What you are asked to do:
Reproduce all of the entries character for character, while leaving out any pictures they contain.
── Supplied information ──
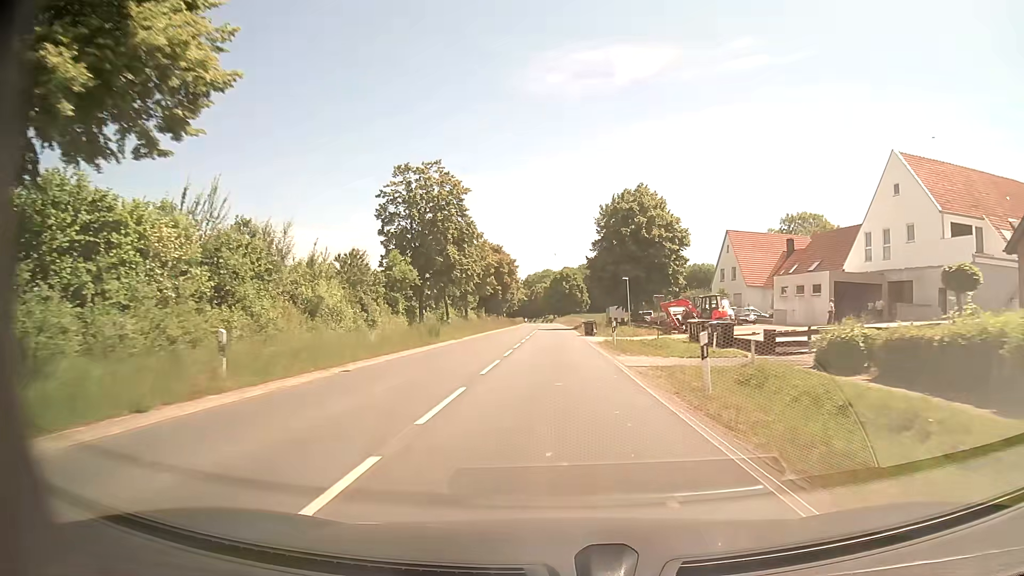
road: secondary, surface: asphalt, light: Day
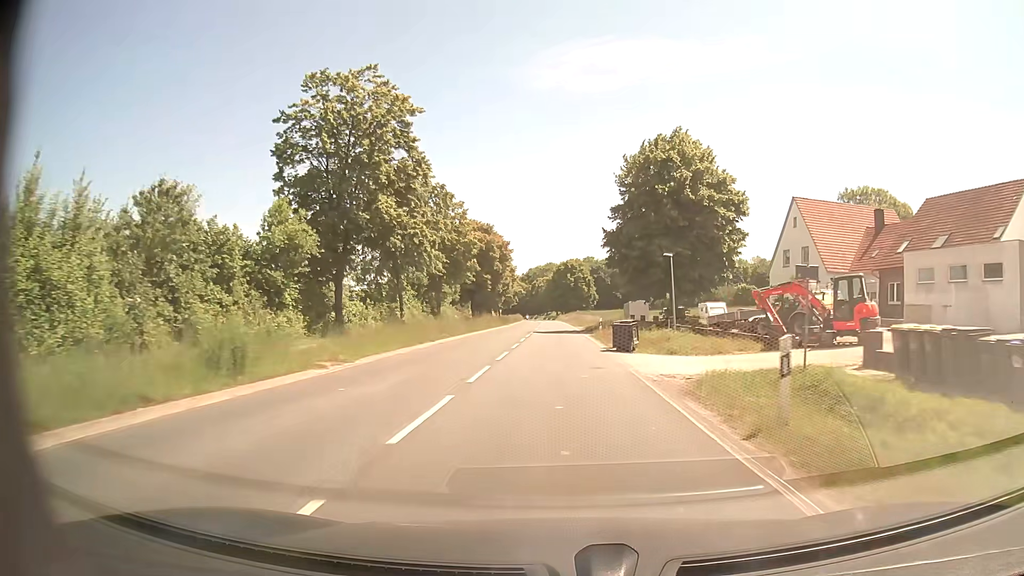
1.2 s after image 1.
(0.0, +21.6) m; 0°
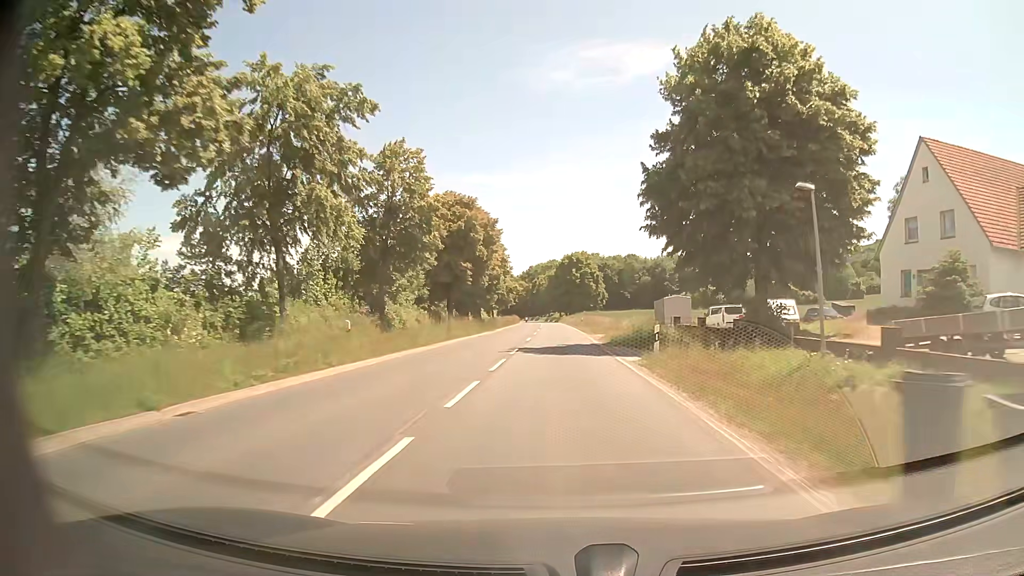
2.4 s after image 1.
(0.0, +21.6) m; 0°
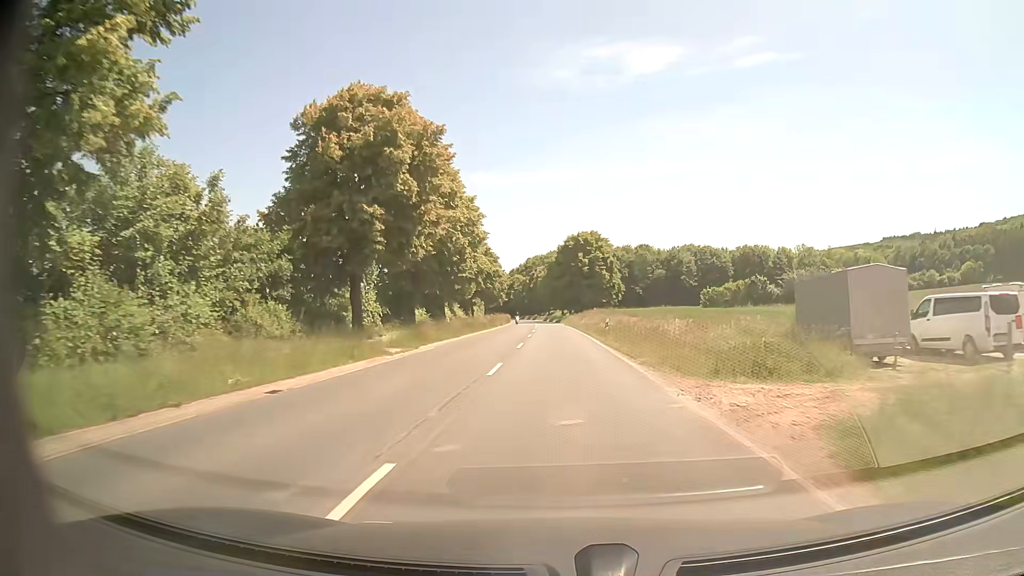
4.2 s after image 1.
(0.0, +32.4) m; 0°
(0, +10) (0, +20) (0, +30) (0, +40) (0, +50) (0, +60) (0, +70) (-1, +80) (-1, +90) (-1, +100) m
───
Answer area:
road: secondary, surface: asphalt, light: Day
1.2 s after image 1.
(0.0, +21.6) m; 0°
2.4 s after image 1.
(0.0, +21.6) m; 0°
4.2 s after image 1.
(0.0, +32.4) m; 0°
(0, +10) (0, +20) (0, +30) (0, +40) (0, +50) (0, +60) (0, +70) (-1, +80) (-1, +90) (-1, +100) m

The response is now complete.